With the Web Streams API, the server generates data and splits it into chunks. Each chunk is sent to the client as soon as it's ready. The client processes each chunk on arrival, so users can start seeing and interacting with content immediately. It is supported in most major web browsers and popular runtimes, such as Node.js and Deno.

The Web Streams API helps you:

  • Break large data into chunks: Chunks are portions of data sent over time
  • Handle backpressure: Backpressure occurs when chunks are streamed from the server faster than they can be processed in the client, causing a backup of data
  • Build more responsive apps: Rendering your UI progressively as data chunks arrive can improve your users' perception of your app's performance

Chunks in web streams are fundamental data units that can be of various types, such as strings, ArrayBuffers, or typed arrays, depending on the content (for example, String for text or Uint8Array for binary data).

Standard function responses contain full payloads of data, while chunks are pieces of the payload that get streamed to the client as they're available.

For example, imagine you want to create an AI chat app that uses a Large Language Model to generate replies. Due to their large data sets, replies from language models can generate slowly.

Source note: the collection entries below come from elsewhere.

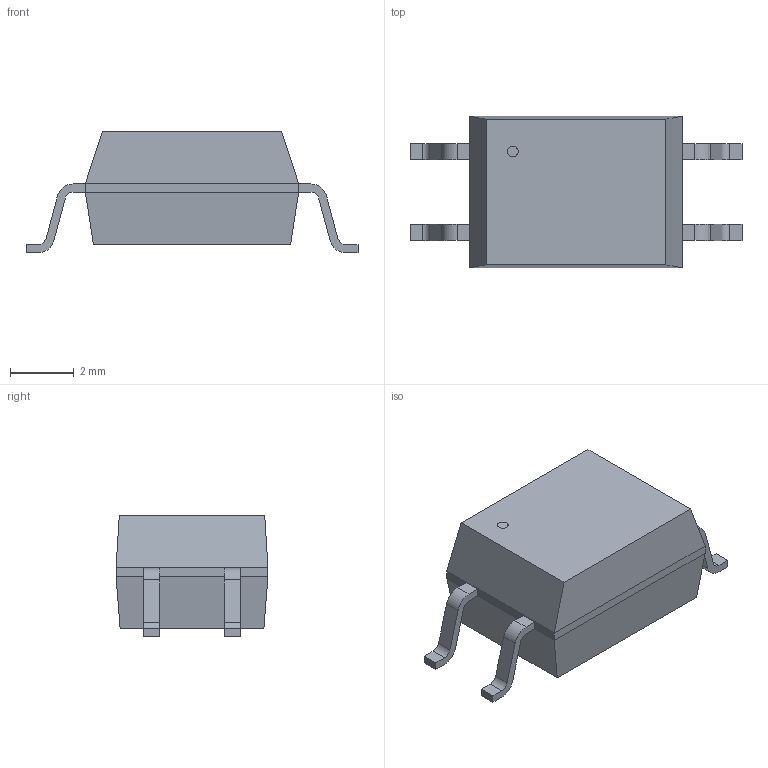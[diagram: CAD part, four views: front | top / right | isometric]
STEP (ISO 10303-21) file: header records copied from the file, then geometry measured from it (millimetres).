
FILE_DESCRIPTION(('STEP AP214'),'1');
FILE_NAME('APC-817xx-SL_AMB','2024-08-30T03:36:30',(''),(''),'','','');
FILE_SCHEMA(('AUTOMOTIVE_DESIGN'));
Length unit declared in the file: millimetre
Products named in the file (1): product
Bounding box: 10.44 x 4.78 x 3.81 mm (x, y, z)
Volume: 107 mm3; surface area: 153.7 mm2
Topology: 6 solids, 6 shells, 73 faces, 175 edges, 114 vertices
Faces by surface type: plane 56, cylinder 17
Full cylindrical faces by diameter (mm): 0.335 x1
Entity records: 2173 total; most frequent: DIRECTION 358, ORIENTED_EDGE 348, CARTESIAN_POINT 207, EDGE_CURVE 174, LINE 140, VECTOR 140, VERTEX_POINT 114, AXIS2_PLACEMENT_3D 109

Standard function responses require you send the full reply to the client when it's done, but streaming enables you to show each word of the reply as the model generates it, improving users' perception of your chat app's speed.

basic-chunk-bottom-split-light.pngbasic-chunk-bottom-split-light.png
How streamed responses typically work, with data sent continuously in small chunks.

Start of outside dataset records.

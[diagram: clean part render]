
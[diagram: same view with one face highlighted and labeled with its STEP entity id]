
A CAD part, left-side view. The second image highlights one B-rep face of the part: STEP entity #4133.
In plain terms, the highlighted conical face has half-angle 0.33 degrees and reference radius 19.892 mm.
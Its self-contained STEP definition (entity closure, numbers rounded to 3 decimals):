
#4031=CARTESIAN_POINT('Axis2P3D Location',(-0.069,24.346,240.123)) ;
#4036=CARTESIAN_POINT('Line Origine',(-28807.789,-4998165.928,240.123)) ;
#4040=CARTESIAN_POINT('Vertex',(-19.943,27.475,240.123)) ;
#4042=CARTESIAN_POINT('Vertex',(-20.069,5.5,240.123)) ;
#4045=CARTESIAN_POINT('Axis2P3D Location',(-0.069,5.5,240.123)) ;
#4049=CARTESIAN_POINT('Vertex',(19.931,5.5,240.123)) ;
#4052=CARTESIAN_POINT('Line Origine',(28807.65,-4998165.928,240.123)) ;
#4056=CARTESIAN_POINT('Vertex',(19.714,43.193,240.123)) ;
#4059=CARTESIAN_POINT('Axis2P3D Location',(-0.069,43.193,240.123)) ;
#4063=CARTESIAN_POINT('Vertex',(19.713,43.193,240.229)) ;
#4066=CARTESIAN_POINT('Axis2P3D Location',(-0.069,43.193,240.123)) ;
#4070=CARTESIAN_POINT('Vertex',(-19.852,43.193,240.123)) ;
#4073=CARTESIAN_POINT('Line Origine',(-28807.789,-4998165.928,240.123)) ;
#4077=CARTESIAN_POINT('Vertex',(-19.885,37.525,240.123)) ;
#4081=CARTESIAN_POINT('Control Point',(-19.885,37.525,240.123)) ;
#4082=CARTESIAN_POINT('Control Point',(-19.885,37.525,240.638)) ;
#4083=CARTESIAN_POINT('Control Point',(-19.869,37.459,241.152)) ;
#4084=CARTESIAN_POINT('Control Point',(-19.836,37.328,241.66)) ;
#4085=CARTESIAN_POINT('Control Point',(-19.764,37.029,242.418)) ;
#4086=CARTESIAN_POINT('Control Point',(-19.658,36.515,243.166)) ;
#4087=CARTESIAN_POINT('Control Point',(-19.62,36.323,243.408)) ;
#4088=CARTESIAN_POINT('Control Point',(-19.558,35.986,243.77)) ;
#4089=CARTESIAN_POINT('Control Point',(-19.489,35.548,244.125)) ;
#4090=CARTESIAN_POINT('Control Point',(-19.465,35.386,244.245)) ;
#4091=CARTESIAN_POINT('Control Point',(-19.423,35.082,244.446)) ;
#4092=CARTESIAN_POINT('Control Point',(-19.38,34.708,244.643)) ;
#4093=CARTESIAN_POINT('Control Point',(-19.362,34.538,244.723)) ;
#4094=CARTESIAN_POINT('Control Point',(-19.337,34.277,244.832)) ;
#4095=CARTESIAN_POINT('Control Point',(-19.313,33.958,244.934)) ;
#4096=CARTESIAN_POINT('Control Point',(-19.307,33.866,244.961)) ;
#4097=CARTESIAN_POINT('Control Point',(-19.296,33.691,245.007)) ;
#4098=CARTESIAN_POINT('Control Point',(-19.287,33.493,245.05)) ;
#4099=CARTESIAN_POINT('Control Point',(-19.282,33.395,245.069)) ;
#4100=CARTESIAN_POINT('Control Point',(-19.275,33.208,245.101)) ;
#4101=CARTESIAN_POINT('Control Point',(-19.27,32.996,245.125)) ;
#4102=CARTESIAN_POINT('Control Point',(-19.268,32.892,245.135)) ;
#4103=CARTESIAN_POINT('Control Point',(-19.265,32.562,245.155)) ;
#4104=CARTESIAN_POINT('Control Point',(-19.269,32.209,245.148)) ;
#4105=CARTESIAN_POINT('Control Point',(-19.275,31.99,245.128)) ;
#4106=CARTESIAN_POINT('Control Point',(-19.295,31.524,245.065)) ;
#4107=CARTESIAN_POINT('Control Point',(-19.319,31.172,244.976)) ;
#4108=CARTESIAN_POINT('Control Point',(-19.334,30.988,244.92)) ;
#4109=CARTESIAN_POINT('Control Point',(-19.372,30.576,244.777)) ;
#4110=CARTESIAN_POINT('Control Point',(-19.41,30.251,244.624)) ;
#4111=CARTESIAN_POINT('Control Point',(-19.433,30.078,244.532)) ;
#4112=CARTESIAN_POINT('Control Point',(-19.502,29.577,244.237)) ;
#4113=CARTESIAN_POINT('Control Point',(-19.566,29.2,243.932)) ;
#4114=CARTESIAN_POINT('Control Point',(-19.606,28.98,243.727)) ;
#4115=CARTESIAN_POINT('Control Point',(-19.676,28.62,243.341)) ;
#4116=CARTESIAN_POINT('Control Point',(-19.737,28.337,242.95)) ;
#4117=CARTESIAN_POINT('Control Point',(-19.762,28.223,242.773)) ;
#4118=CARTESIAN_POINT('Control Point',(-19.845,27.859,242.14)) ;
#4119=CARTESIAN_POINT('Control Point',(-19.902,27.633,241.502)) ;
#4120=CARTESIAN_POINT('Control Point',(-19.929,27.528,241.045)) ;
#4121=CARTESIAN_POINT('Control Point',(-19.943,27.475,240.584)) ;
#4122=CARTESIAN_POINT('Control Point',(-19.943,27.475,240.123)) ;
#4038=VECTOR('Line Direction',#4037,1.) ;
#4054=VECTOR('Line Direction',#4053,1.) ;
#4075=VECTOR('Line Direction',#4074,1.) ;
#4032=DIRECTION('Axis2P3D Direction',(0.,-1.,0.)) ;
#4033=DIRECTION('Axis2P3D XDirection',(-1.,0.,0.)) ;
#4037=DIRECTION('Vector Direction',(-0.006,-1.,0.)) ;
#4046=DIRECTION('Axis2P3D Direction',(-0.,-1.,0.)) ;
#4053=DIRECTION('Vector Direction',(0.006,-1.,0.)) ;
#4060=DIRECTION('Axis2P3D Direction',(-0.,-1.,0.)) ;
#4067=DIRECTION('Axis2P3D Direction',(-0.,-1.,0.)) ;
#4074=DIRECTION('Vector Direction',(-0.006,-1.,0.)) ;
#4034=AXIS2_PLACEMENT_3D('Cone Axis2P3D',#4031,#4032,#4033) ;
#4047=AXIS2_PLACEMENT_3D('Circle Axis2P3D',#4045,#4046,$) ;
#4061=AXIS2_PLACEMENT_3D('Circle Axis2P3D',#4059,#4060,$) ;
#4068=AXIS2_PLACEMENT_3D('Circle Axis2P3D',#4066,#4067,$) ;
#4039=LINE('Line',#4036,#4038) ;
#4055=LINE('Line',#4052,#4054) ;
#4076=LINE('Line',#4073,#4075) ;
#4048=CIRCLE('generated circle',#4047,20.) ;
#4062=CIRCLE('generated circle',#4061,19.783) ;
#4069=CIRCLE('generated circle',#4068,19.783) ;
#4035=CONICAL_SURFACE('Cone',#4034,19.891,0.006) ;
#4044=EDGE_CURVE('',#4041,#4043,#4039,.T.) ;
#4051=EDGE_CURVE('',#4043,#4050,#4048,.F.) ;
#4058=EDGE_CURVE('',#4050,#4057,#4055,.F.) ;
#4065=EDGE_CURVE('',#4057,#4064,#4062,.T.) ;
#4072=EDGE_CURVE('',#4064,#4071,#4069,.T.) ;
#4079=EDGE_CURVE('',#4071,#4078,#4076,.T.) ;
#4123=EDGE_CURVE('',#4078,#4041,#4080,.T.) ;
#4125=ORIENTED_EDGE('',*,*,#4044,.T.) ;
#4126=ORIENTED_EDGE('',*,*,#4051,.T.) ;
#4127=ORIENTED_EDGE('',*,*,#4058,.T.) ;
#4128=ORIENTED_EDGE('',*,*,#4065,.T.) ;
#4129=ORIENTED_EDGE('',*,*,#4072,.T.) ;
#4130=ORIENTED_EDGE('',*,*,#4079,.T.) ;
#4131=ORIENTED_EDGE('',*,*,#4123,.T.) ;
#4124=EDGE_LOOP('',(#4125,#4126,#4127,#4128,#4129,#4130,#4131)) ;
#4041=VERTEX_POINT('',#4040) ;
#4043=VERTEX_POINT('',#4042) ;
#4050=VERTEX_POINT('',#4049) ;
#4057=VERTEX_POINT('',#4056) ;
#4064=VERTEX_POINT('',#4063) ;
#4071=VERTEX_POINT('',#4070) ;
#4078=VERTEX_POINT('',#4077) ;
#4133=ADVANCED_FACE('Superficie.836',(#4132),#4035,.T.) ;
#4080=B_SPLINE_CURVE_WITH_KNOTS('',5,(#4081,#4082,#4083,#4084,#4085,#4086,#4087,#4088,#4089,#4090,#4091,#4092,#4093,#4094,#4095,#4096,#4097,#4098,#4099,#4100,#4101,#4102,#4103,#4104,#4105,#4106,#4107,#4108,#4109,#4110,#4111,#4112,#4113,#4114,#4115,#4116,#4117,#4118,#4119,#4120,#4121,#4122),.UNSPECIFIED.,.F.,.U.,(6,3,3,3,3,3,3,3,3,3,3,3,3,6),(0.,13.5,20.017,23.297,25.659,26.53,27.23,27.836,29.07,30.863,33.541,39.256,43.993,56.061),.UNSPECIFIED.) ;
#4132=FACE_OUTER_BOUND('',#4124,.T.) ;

Chunk sizes can be out of your control, so it's important that your code can handle chunks of any size. Chunks sizes are influenced by the following factors:

  • Data source: Sometimes the original data is already broken up. For example, OpenAI's language models produce responses in tokens, or chunks of words
  • Stream implementation: The server could be configured to stream small chunks quickly or large chunks at a lower pace
  • Network: Factors like a network's Maximum Transmission Unit setting, or its geographical distance from the client, can cause chunk fragmentation and limit chunk size
    • In local development, chunk sizes won't be impacted by network conditions, as no network transmission is happening

For an example function that processes chunks, see streaming.

Once you understand how to deal with chunks of different sizes, you must understand how to deal with chunks arriving faster than you can process them in the client.

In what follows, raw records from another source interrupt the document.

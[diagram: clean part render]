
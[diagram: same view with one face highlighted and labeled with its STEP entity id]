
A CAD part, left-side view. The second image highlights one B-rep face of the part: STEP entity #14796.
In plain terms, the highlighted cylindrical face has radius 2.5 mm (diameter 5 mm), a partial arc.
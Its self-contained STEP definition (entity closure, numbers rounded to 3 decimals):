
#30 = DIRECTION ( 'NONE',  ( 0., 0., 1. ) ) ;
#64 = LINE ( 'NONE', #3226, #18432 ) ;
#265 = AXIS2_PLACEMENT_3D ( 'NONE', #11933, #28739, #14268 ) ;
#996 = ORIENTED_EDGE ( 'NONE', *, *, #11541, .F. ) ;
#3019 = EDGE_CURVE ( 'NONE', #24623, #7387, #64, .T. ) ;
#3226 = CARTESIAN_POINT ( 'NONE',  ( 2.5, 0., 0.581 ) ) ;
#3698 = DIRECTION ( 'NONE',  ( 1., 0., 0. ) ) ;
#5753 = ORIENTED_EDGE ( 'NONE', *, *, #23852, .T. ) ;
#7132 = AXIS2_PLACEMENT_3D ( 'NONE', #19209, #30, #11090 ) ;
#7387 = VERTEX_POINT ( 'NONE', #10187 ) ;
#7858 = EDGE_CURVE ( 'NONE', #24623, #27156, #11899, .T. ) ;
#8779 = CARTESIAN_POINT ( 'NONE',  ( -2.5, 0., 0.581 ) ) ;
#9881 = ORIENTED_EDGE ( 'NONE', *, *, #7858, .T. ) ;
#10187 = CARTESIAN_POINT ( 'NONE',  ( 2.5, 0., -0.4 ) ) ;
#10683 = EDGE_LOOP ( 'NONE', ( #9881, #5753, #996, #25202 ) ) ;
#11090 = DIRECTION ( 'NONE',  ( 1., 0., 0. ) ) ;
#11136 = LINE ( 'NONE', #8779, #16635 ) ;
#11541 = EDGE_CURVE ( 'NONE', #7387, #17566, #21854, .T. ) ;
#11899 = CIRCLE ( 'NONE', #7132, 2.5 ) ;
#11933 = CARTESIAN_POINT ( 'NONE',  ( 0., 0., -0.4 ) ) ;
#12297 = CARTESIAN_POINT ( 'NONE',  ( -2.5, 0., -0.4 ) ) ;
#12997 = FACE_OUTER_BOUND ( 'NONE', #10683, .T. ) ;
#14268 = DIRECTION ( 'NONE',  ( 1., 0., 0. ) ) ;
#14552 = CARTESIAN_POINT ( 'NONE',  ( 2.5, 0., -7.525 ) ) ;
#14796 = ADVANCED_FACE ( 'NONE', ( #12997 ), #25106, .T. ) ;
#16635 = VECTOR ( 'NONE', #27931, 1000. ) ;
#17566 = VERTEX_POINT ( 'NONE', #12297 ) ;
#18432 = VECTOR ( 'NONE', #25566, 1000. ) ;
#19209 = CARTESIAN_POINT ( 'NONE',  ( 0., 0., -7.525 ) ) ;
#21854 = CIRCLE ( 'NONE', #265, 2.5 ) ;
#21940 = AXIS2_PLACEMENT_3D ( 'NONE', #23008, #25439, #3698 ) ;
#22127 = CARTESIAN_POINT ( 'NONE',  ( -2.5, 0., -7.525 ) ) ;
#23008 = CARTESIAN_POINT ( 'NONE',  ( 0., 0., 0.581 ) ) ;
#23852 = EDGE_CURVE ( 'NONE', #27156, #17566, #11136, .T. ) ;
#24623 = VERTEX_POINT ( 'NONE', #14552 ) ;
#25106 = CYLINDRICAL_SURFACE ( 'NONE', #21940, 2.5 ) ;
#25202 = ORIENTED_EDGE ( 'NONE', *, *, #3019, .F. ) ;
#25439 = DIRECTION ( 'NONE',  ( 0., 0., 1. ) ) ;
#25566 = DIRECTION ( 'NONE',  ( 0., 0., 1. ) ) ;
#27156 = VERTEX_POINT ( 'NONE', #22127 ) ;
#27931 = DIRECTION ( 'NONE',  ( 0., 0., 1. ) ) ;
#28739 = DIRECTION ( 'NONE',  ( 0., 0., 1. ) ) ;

When the server streams data faster than the client can process it, excess data will queue up in the client's memory. This issue is called backpressure, and it can lead to memory overflow errors, or data loss when the client's memory reaches capacity.

For example, popular social media users can receive hundreds of notifications streamed to their web client per second. If their web client can't render the notifications fast enough, some may be lost, or the client may crash if its memory overflows.

back-pressure-light.pngback-pressure-light.png
A diagram of backpressure.

You can handle backpressure with flow control. This technique manages data transfer rates between sender and receiver, often by pausing the stream or buffering data until the client is ready to process more.

The following examples show you how to implement streaming in your Next.js application using the concepts discussed earlier.

This example creates a streaming endpoint that sends data in chunks. The server sends each piece of data as it becomes available:

app/api/stream/route.ts
export async function GET() {
const encoder = new TextEncoder();
const stream = new ReadableStream({
start(controller) {
// Send data in chunks
controller.enqueue(encoder.encode('First chunk\\\\n'));
controller.enqueue(encoder.encode('Second chunk\\\\n'));
controller.enqueue(encoder.encode('Third chunk\\\\n'));
controller.close();
},
});
return new Response(stream, {
headers: { 'Content-Type': 'text/plain; charset=utf-8' },
});
}

In this example, each call to controller.enqueue() sends a chunk to the client immediately. The TextEncoder converts text into bytes that can be transmitted over HTTP. The client receives and displays each chunk as it arrives, rather than waiting for all data to be ready.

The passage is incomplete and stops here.